YOUR ASSIGNMENT =
Every entry in the data is to be written out exactly; no picture belongs in the copy.

INFORMATION SHOWN =
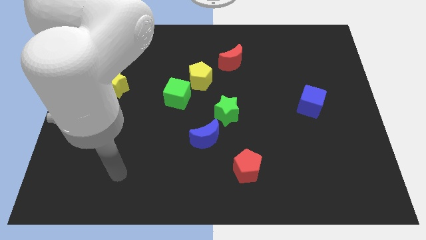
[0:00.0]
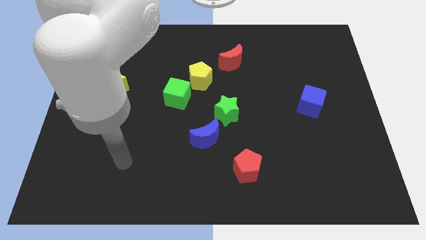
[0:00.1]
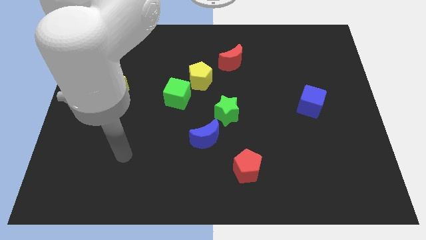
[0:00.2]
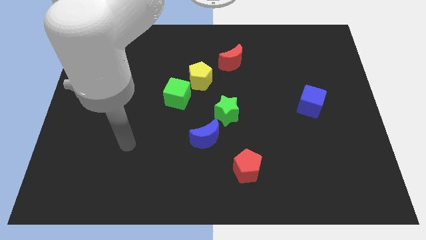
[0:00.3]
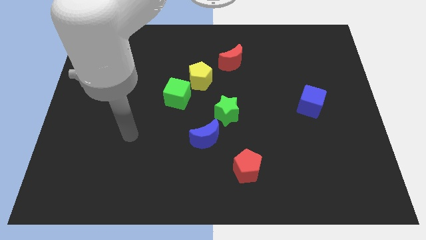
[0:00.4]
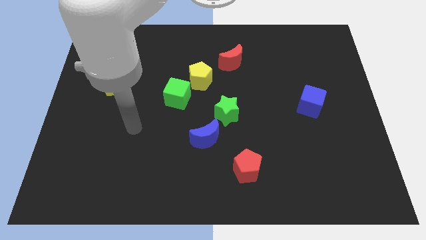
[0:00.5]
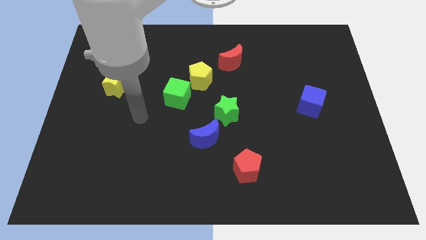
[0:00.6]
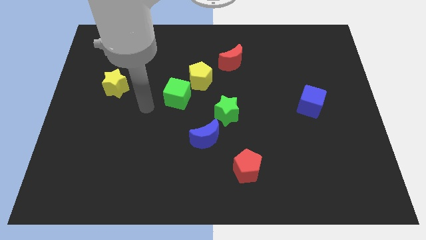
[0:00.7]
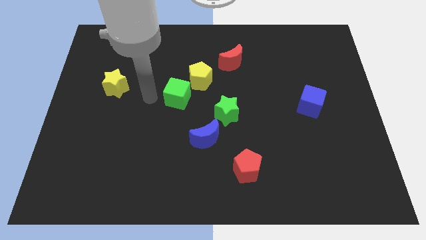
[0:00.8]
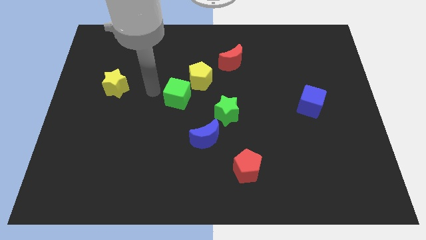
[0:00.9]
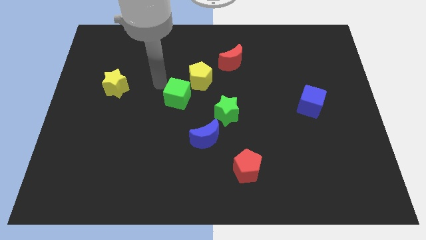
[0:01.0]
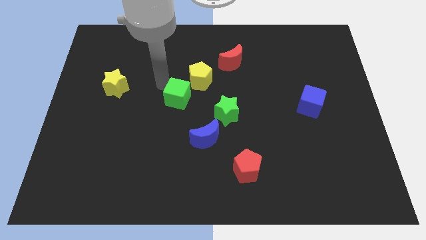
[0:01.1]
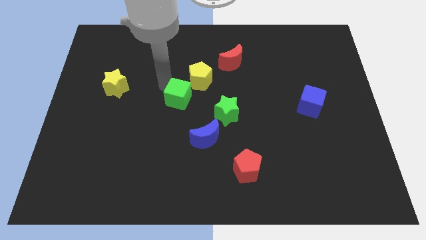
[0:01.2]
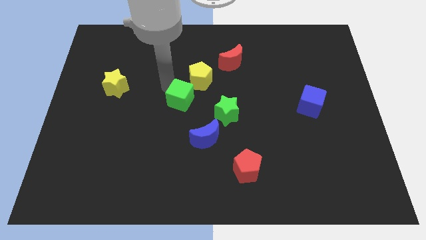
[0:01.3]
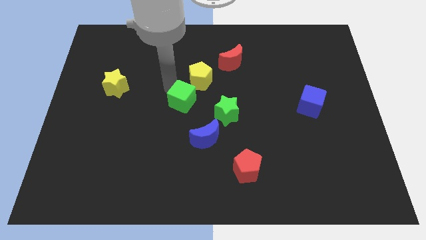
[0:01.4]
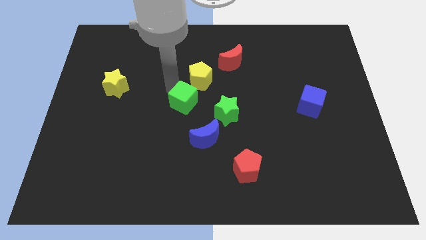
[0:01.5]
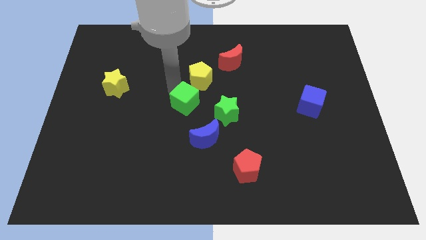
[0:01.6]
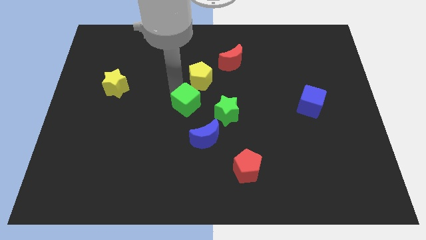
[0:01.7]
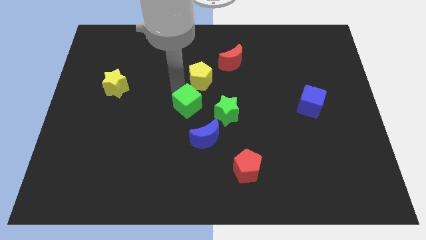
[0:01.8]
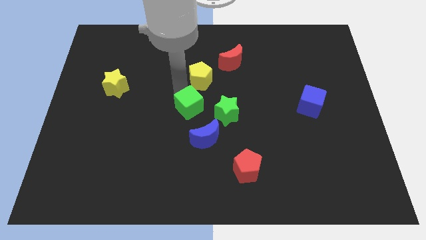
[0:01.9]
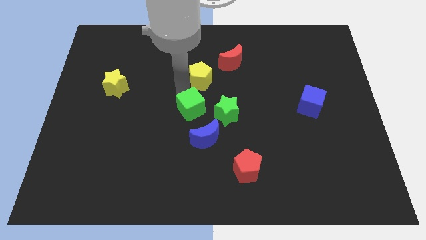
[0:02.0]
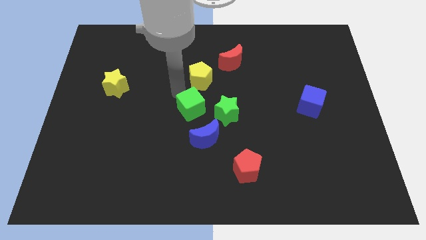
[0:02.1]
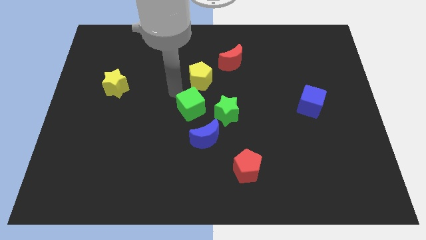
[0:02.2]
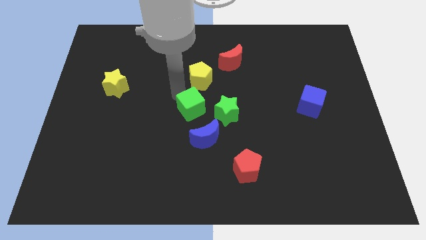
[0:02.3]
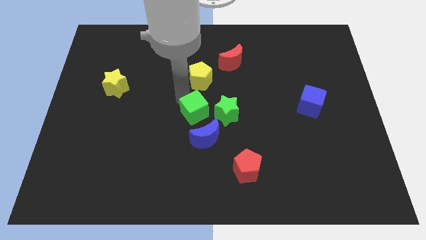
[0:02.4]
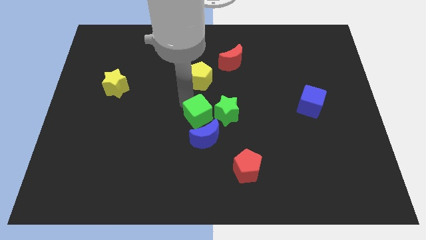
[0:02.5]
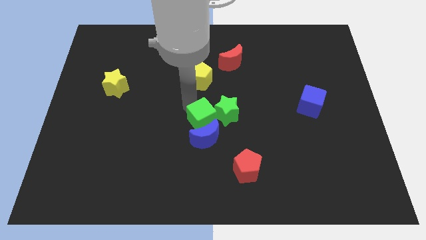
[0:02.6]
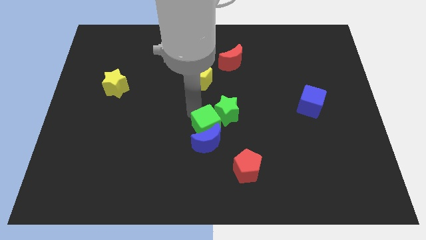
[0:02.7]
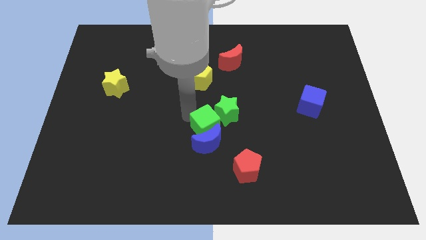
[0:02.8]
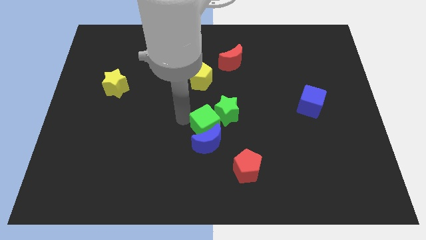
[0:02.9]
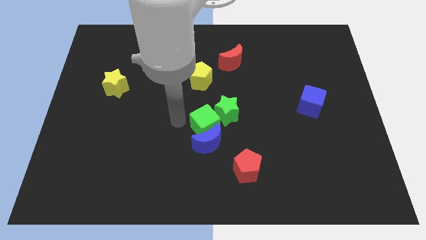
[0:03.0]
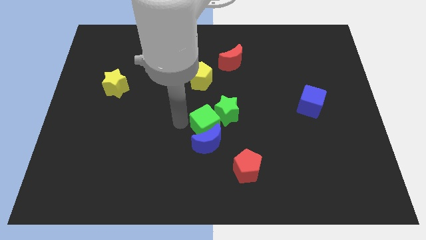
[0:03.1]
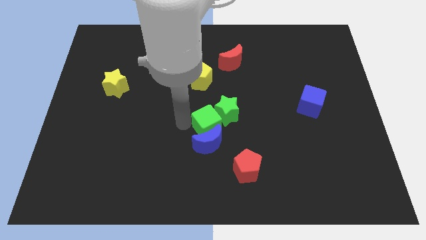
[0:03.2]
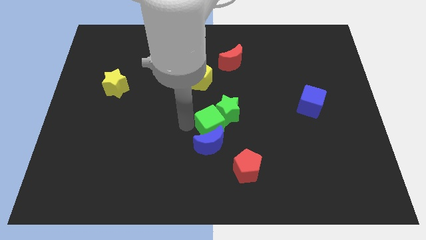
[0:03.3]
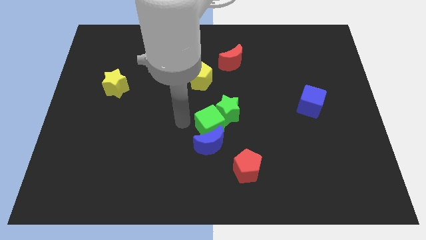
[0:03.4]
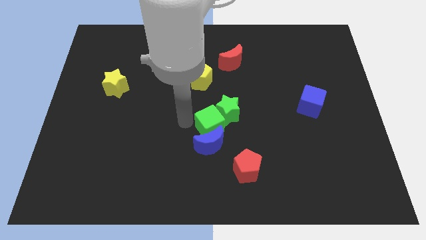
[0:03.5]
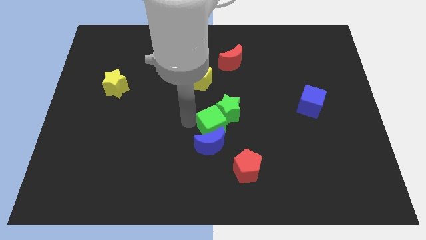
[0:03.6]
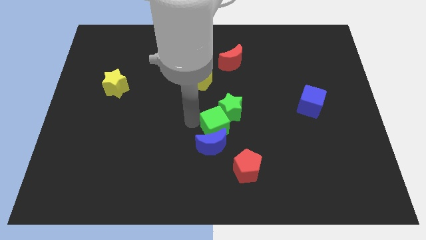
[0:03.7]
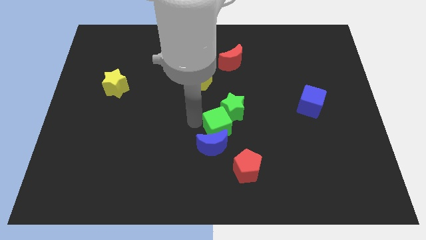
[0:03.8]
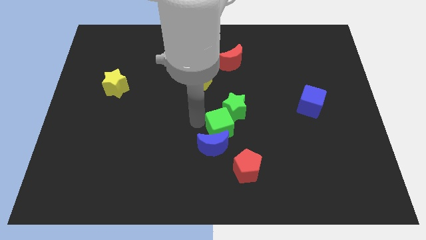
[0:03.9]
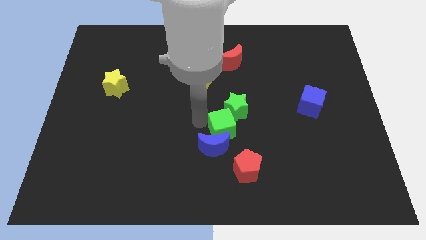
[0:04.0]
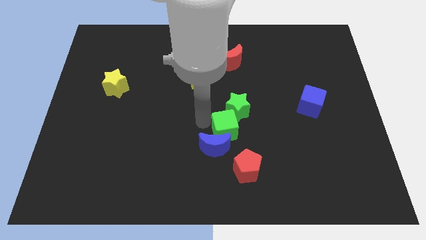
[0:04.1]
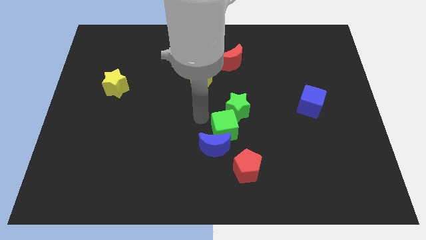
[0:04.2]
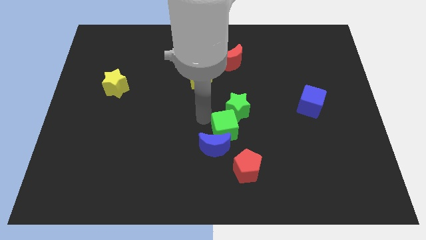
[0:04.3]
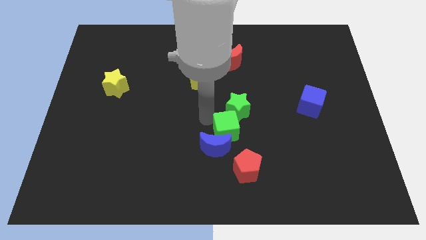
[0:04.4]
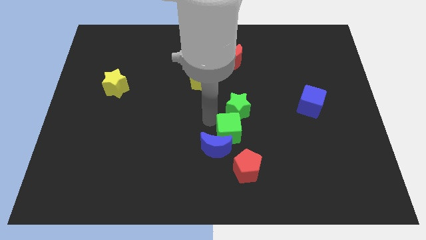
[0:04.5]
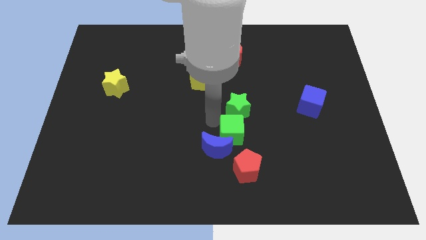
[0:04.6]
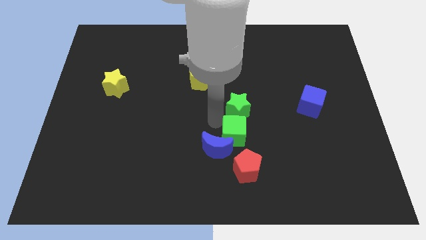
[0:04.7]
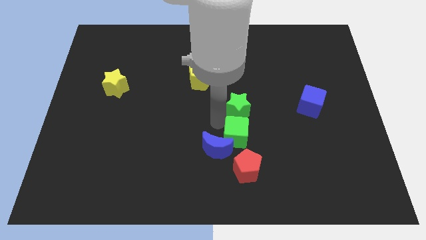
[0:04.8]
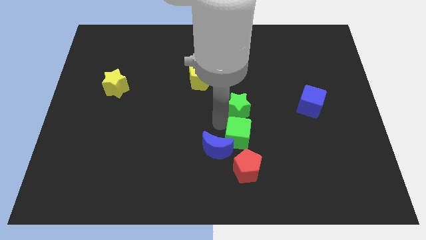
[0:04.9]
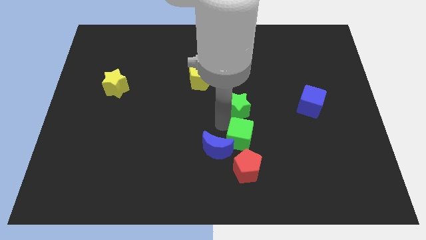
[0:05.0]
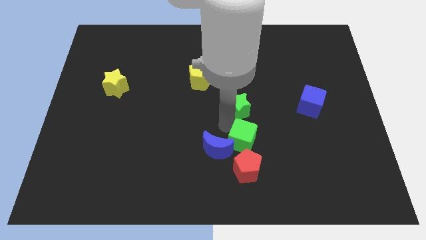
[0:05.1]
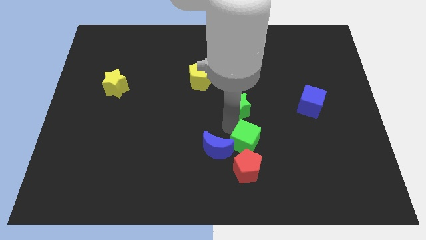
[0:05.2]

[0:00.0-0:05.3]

SOLUTION FOR THIS EXERCISE =
[0:00.0]
[0:00.1]
[0:00.2]
[0:00.3]
[0:00.4]
[0:00.5]
[0:00.6]
[0:00.7]
[0:00.8]
[0:00.9]
[0:01.0]
[0:01.1]
[0:01.2]
[0:01.3]
[0:01.4]
[0:01.5]
[0:01.6]
[0:01.7]
[0:01.8]
[0:01.9]
[0:02.0]
[0:02.1]
[0:02.2]
[0:02.3]
[0:02.4]
[0:02.5]
[0:02.6]
[0:02.7]
[0:02.8]
[0:02.9]
[0:03.0]
[0:03.1]
[0:03.2]
[0:03.3]
[0:03.4]
[0:03.5]
[0:03.6]
[0:03.7]
[0:03.8]
[0:03.9]
[0:04.0]
[0:04.1]
[0:04.2]
[0:04.3]
[0:04.4]
[0:04.5]
[0:04.6]
[0:04.7]
[0:04.8]
[0:04.9]
[0:05.0]
[0:05.1]
[0:05.2]

[0:00.0-0:05.3]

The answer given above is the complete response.